# Goat Treat recipe?



## DebianDog (Aug 9, 2009)

I saw they sell little "goat treats" and was wondering what you folks used for treats or if there was a good recipe out there for a goat treat?

I found this one but wonder if it has the "right" stuff

1 cup granulated sugar
1/2 cup shortening
1 egg
1/2 cup molasses
2 cups sifted flour
1 teaspoon salt
1 1/2 teaspoons baking soda
1 teaspoon vanilla extract
2 cups quick-cooking oats
Cream sugar and shortening together in a large mixing bowl. Add egg and molasses; beat well. Add sifted dry ingredients and mix well. Add vanilla then stir in oatmeal. Drop from teaspoon onto greased baking sheet.

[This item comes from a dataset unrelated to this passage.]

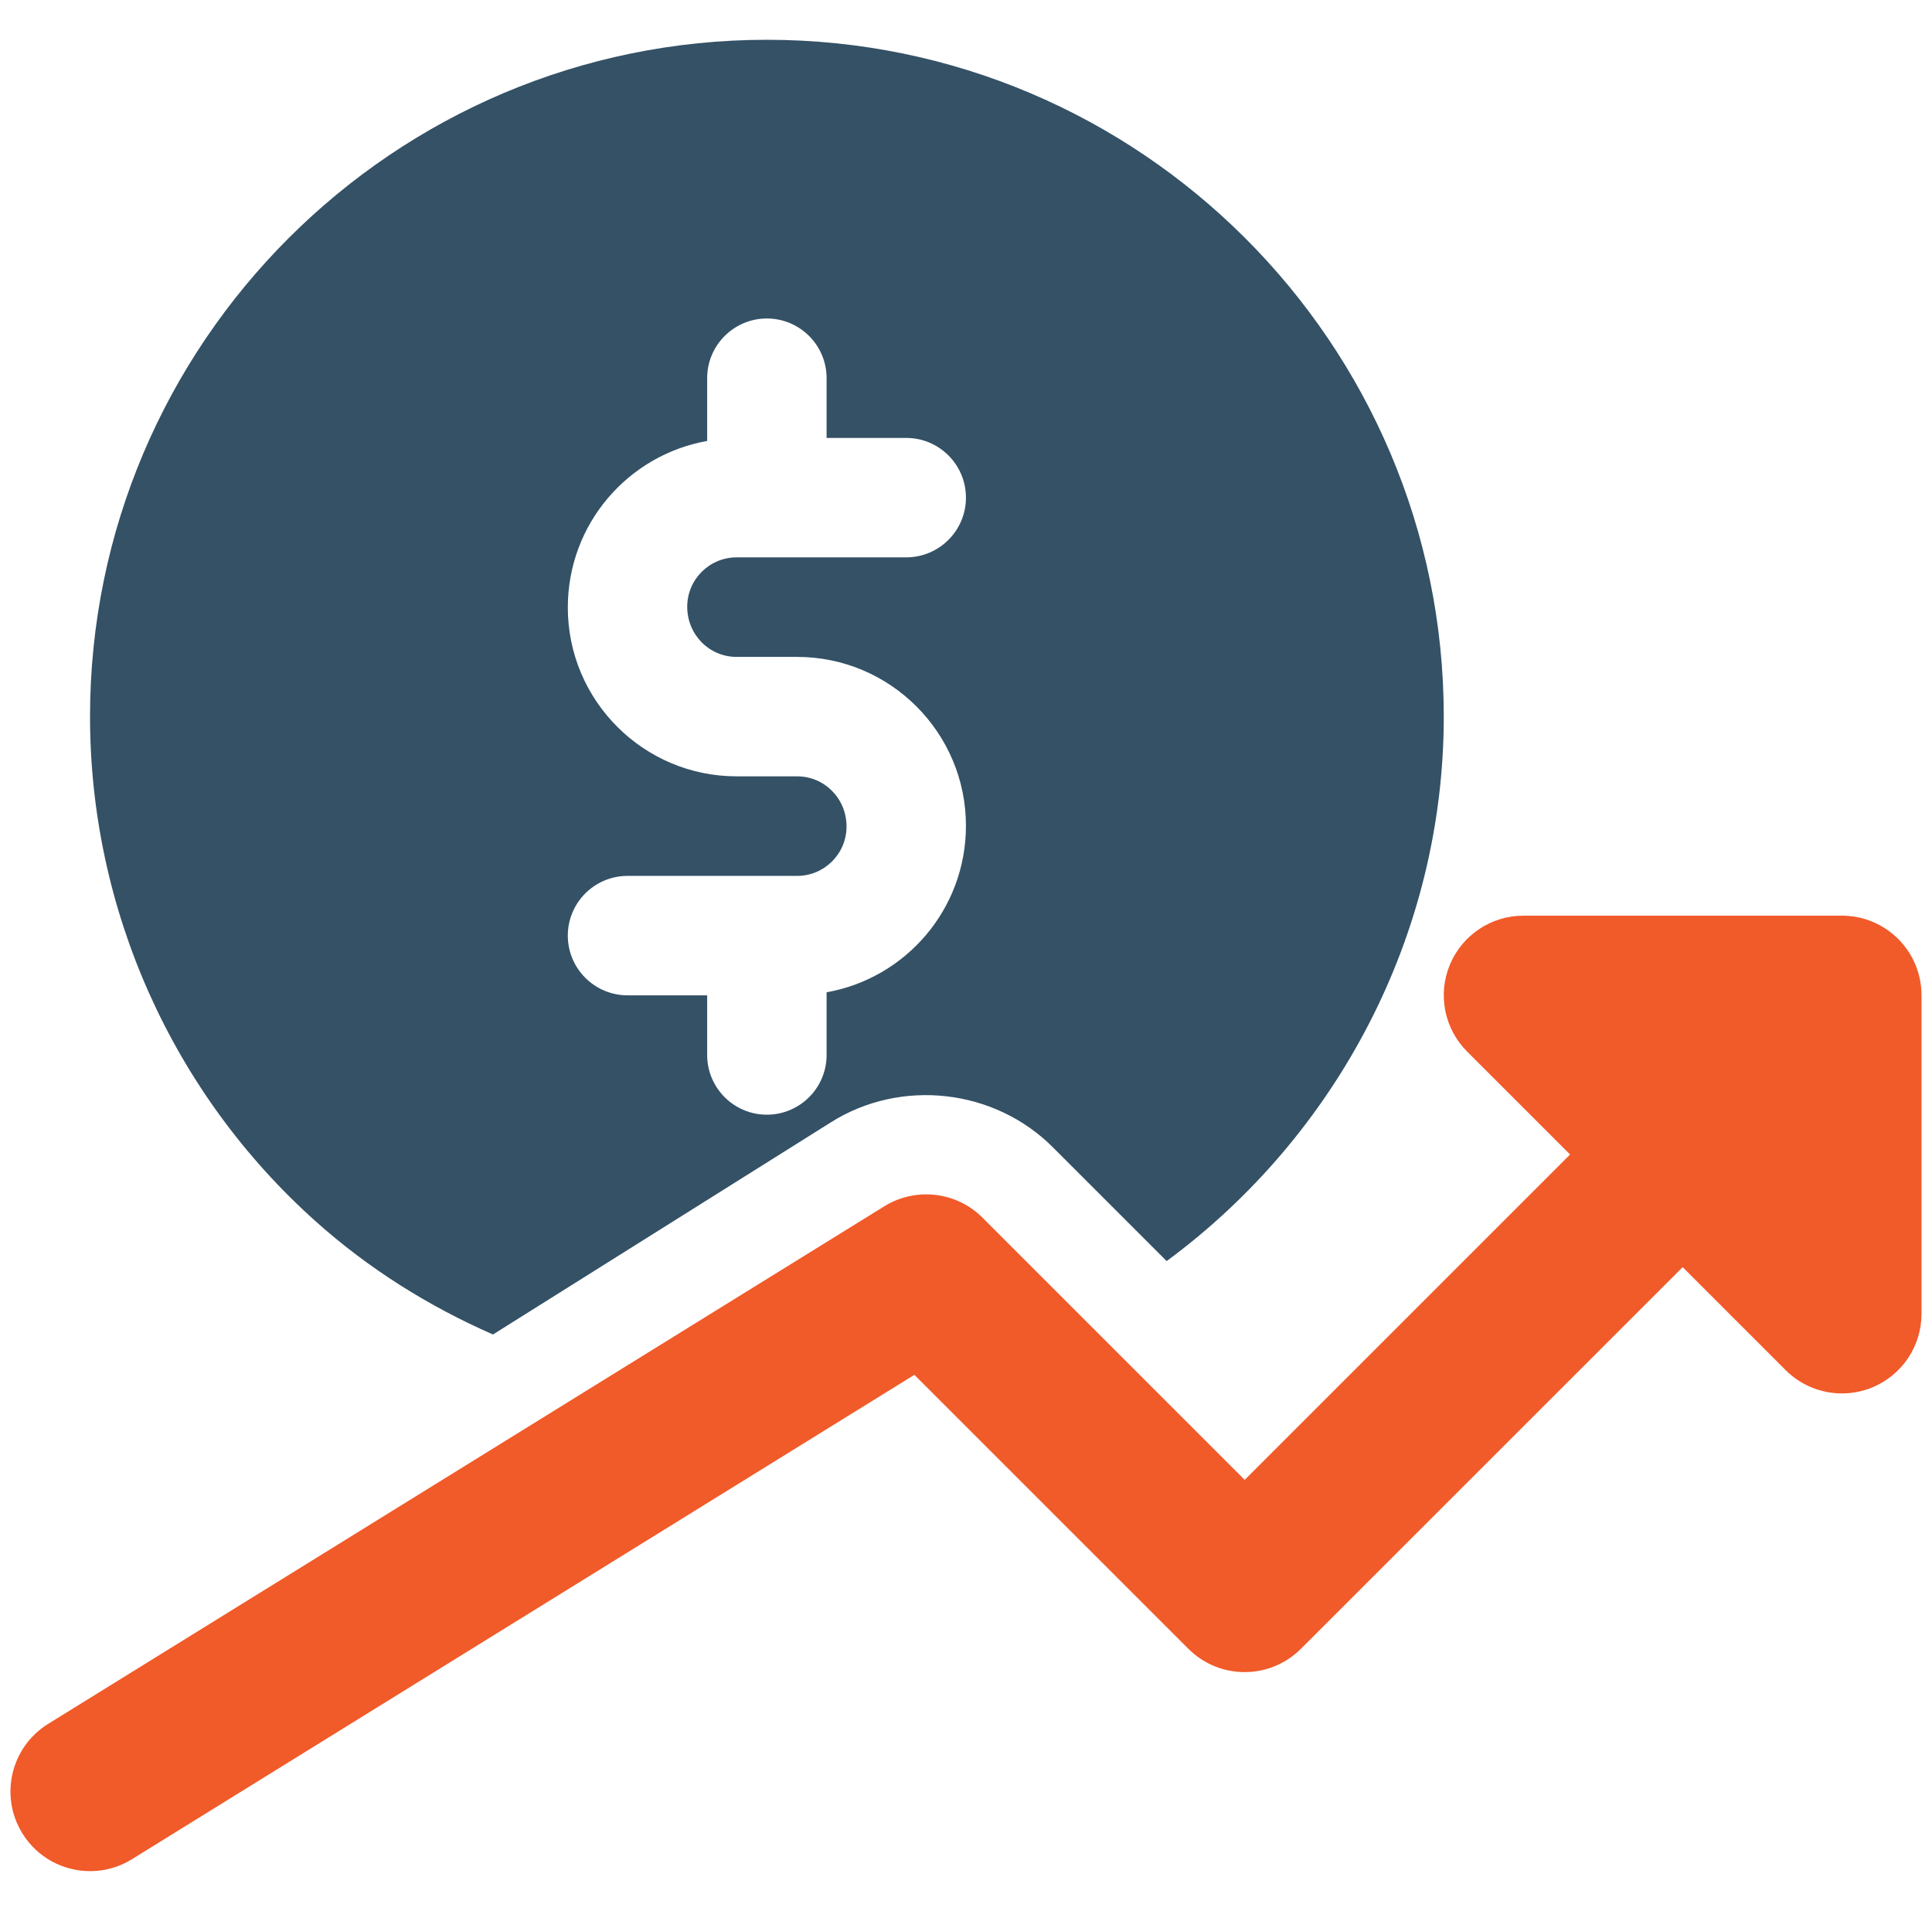 <svg xmlns="http://www.w3.org/2000/svg" xmlns:xlink="http://www.w3.org/1999/xlink" id="Layer_35" x="0px" y="0px" viewBox="0 0 517.59 512" style="enable-background:new 0 0 517.59 512;" xml:space="preserve"><style type="text/css">	.st0{fill:#345166;}	.st1{fill:#F15A29;}</style><g>	<path class="st0" d="M84.62,327.27c14.17,12.67,30.23,22.72,47.45,30.27l90.54-56.85c18.73-11.82,43.82-9.02,59.5,6.74l30.44,30.44  c45.63-33.64,74.24-87.47,74.24-145.88c0-99.99-81.34-181.33-181.33-181.33S24.12,92.01,24.12,192  C24.12,243.61,46.16,292.91,84.62,327.27L84.62,327.27z M213.56,208h-16.21c-24.94,0-45.23-20.29-45.23-45.23  c0-22.42,16.17-40.87,37.33-44.63v-16.81c0-8.83,7.17-16,16-16c8.83,0,16,7.17,16,16v16h21.33c8.83,0,16,7.17,16,16s-7.17,16-16,16  h-45.44c-7.3,0-13.23,5.93-13.23,13.23c0,7.51,5.93,13.44,13.23,13.44h16.21c24.94,0,45.23,20.29,45.23,45.23  c0,22.42-16.17,40.87-37.33,44.63v16.79c0,8.83-7.17,16-16,16c-8.83,0-16-7.17-16-16v-15.98h-21.33c-8.83,0-16-7.17-16-16  c0-8.83,7.17-16,16-16h45.44c7.3,0,13.23-5.93,13.23-13.23C226.79,213.93,220.86,208,213.56,208z"></path>	<path class="st1" d="M493.46,245.33h-85.33c-8.62,0-16.43,5.21-19.71,13.16c-3.31,7.98-1.47,17.15,4.63,23.25l27.58,27.58  l-87.17,87.17l-70.25-70.25c-6.98-7.02-17.94-8.23-26.3-3.05l-224,138.67c-10.03,6.21-13.1,19.35-6.91,29.35  c4.03,6.53,11.01,10.11,18.15,10.11c3.84,0,7.7-1.02,11.2-3.2l209.62-129.77l73.39,73.39c8.34,8.34,21.82,8.34,30.17,0  L450.79,339.5l27.58,27.58c4.07,4.07,9.54,6.25,15.08,6.25c2.75,0,5.53-0.53,8.17-1.62c7.98-3.31,13.16-11.09,13.16-19.71v-85.33  C514.79,254.89,505.25,245.33,493.46,245.33L493.46,245.33z"></path></g></svg>

Bake at 375° for 10 to 12 minutes, until done.
Makes about 4 dozen oatmeal molasses cookies.


----------



## StaceyRosado (Oct 5, 2007)

looks like a cookie recipe I would eat -- and goats just love cookies


----------



## DebianDog (Aug 9, 2009)

So ginger snap or animal crackers are O.K.?


----------



## StaceyRosado (Oct 5, 2007)

YUP


----------



## toth boer goats (Jul 20, 2008)

sounds good..... thanks for the recipe .... :wink: :thumbup:


----------